Prof. Rosenkranz also explained novel recommendations in group 2 of the clinical classification, PH associated with left heart disease (LHD), the most frequent subgroup. There are new recommendations for right heart catheterisation in patients with suspected PH and LHD – if it aids in the management decision – and in patients with severe tricuspid regurgitation (± LHD) prior to surgical or interventional valve repair.

Regarding therapy, there are 2 new class I recommendations:

  • In patients with LHD and combined post- and pre-capillary PH with a severe pre-capillary component, an individualised approach to treatment is recommended
  • When patients with PH and multiple risk factors for LHD, who have a normal PAWP at rest but an abnormal response to exercise or fluid challenge, are treated with PAH drugs, close monitoring is recommended

Prof. Delcroix then presented the part of PH associated with lung disease, group 3 of the clinical classification and a common cause of PH. For the first time, there is a recommendation for PH medical therapy in group 3, based on a single positive study: inhaled treprostinil may be considered in PH associated with interstitial lung disease (ILD).

PDE5 inhibitors may be considered in patients with severe PH associated with ILD (individual decision-making in PH centres), but is not recommended in patients with ILD and non-severe PH.
Multi-modality approach warranted in chronic thromboembolic PH

For chronic thromboembolic PH (CTEPH; group 5) there is an overlap in surgical/invasive procedures and medical therapy.

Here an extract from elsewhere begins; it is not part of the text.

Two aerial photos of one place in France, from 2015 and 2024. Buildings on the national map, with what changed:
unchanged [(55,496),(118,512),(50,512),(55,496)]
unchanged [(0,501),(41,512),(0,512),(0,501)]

In a new diagnostic algorithm for symptomatic CTEPH patients, perfusion imaging and echocardiography is recommended. In case there are signs of PH, referral to a CTEPH/PH centre is recommended.

“In a patient with confirmed CTEPH, lifelong therapeutic anticoagulation is recommended,” Prof. Delcroix explained.

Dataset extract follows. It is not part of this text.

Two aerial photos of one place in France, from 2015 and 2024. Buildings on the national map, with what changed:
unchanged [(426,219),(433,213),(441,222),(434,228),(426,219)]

In case patients are operable, pulmonary endarterectomy is the treatment of choice. If this is not possible, patients will receive medical therapy. The same is true for patients with persistent/recurrent PH after pulmonary endarterectomy. Riociguat is recommended for symptomatic patient with inoperable CTEPH or with persistent/recurrent PH after pulmonary endarterectomy (class I).

Finally, medical therapy should be considered prior to the intervention in patients with CTEPH who are candidates for balloon pulmonary angioplasty. The last part of the guidelines outlines requirements for a PH centre.

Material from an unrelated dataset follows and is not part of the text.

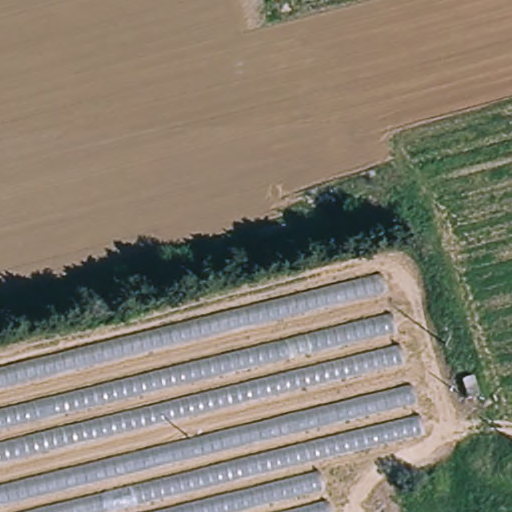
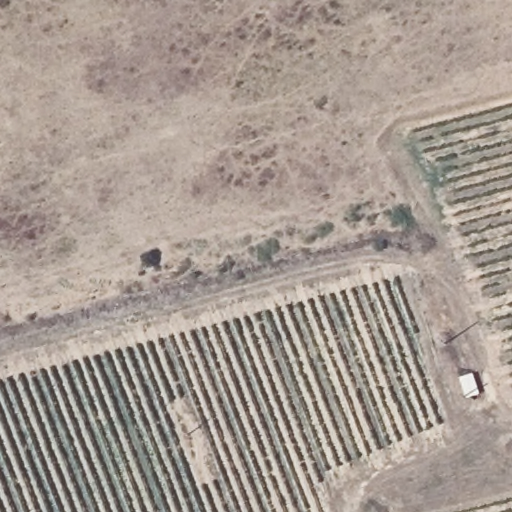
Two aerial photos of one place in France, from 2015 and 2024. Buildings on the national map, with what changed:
demolished [(425,428),(318,456),(333,512),(0,512),(0,364),(384,268),(425,428)]
unchanged [(479,388),(483,403),(472,406),(468,391),(479,388)]

  1. Presentations in Session: “2022 ESC Guidelines Overview”, ESC Congress 2022, Barcelona, Spain, 26–29 August.
  2. Presentations in Session: “2022 ESC-ERS Guidelines for the diagnosis and treatment of pulmonary hypertension”, ESC Congress 2022, Barcelona, Spain, 26–29 August.
  3. Humbert M, et al. Eur Heart J. 2022 Aug 26;ehac237. doi: 10.1093/eurheartj/ehac237. Online ahead of print.